We are excited to announce a recent publication by our group in Journal Name (ScienceDirect), titled “Distributed Fiber Optic Sensing for in‑well hydraulic fracture monitoring”. This study showcases the use of distributed fiber‑optic sensing (DFOS) technology to improve the real-time monitoring and characterization of hydraulic fractures within horizontal wells in unconventional reservoirs.
Highlights of the study include:
- Real-world deployment of fiber‑optic cables along the wellbore, enabling continuous, high‑resolution detection of temperature and strain.

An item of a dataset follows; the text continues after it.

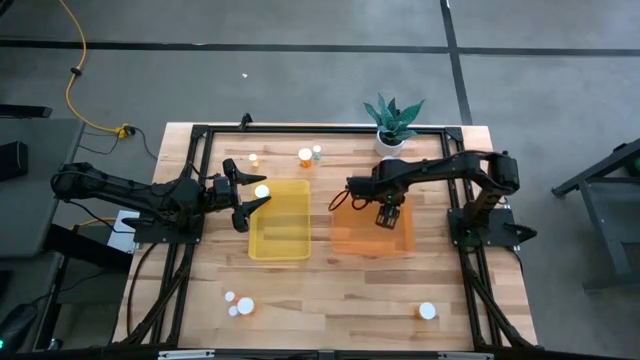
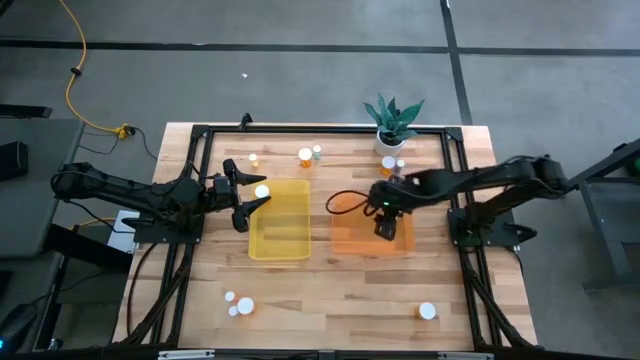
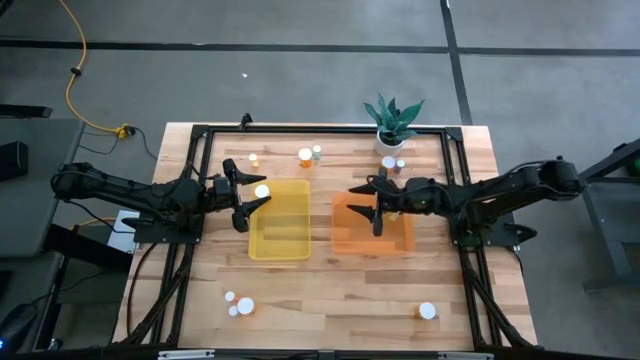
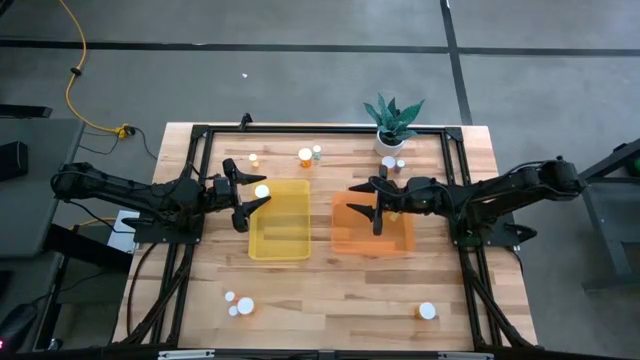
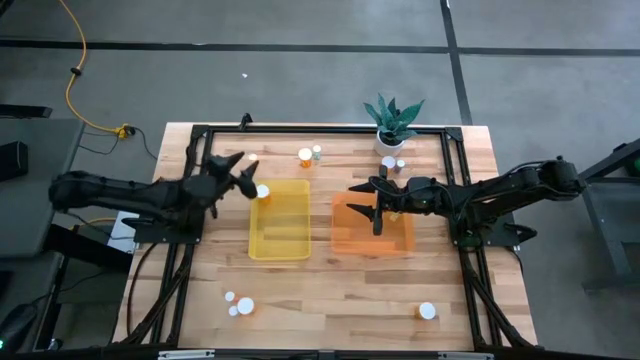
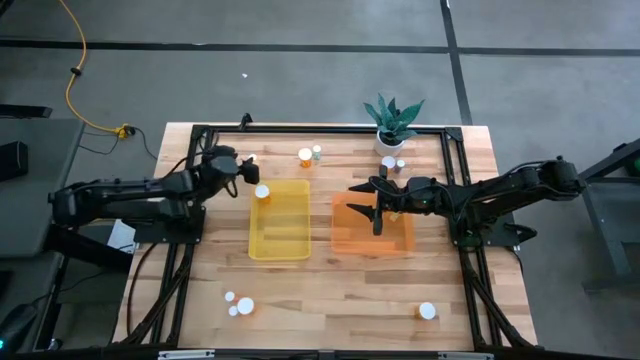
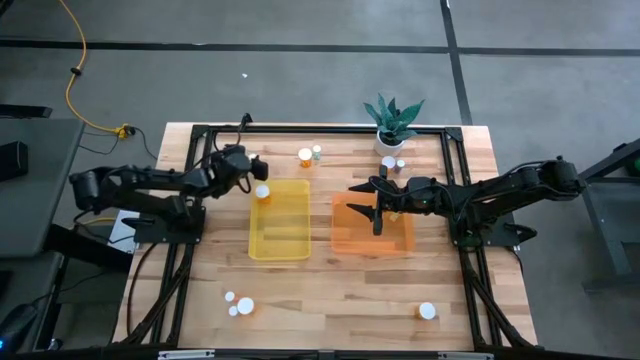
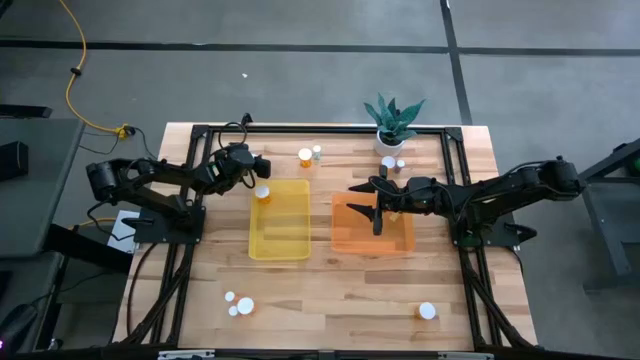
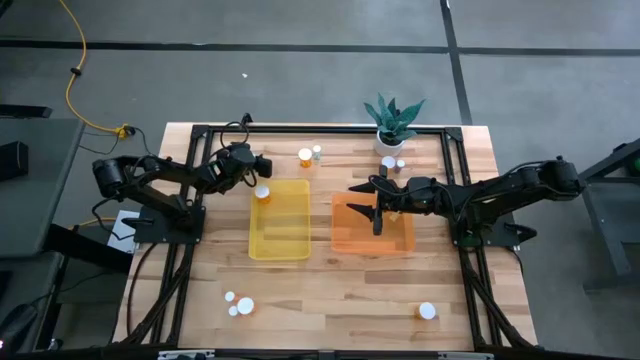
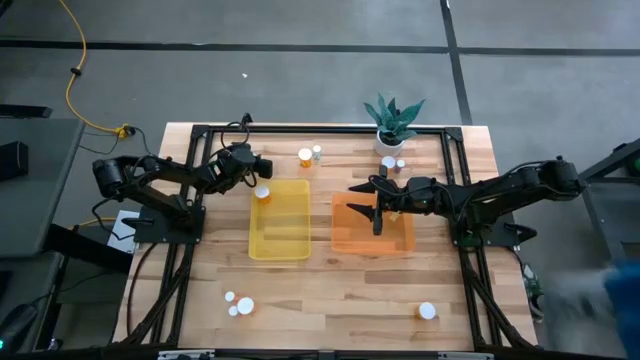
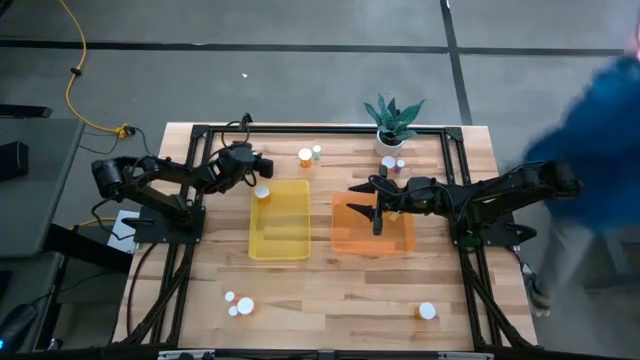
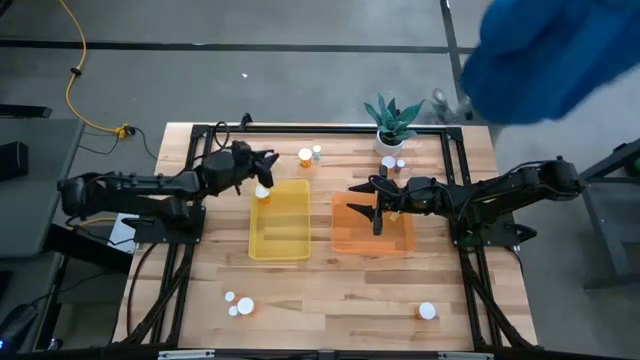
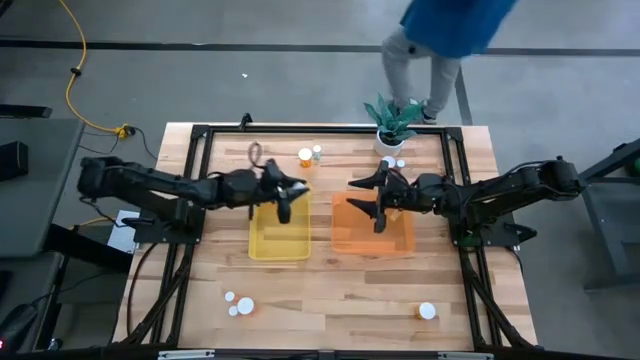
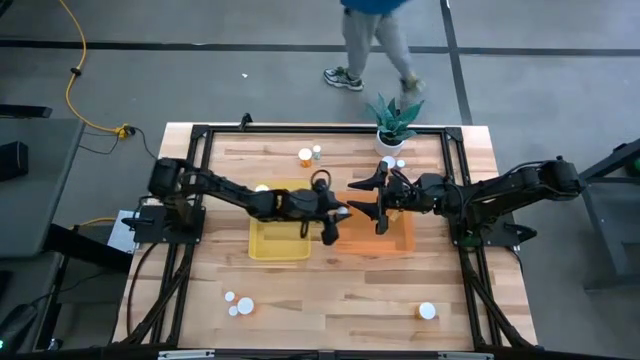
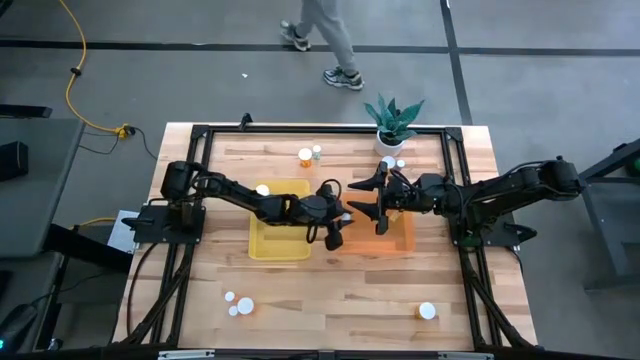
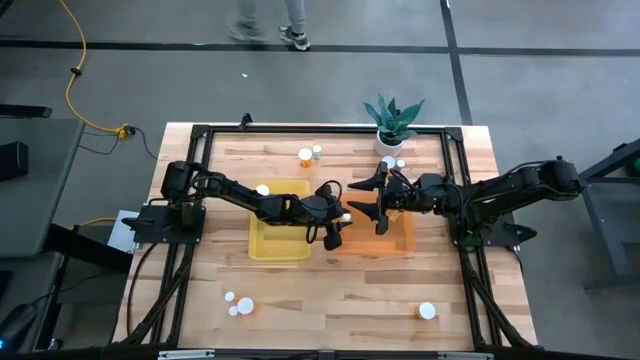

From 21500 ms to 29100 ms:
Task: Pick and place medicine bottles into bin by pill shape (circle, oval)
Put the small yellow tablet bottle into the orange bin

- Real-time fracture mapping, allowing identification of fracture initiation points, propagation paths, and closure behavior during stimulation.
- Enhanced reservoir insight, including fracture height growth, fracture footprint, and completion effectiveness—crucial for optimizing well performance and reducing environmental impact.
- Validation with conventional methods, showing that DFOS complements or surpasses standard microseismic and pressure-based monitoring for comprehensive fracture assessment.
By integrating DFOS into field operations, this work advances our ability to monitor subsurface processes live and at scale. It demonstrates how emerging sensing technologies—led by researchers including Zhichao Zhang and Professor Kenichi Soga—can transform hydraulic fracturing design, reduce uncertainty, and support safer, more efficient energy extraction.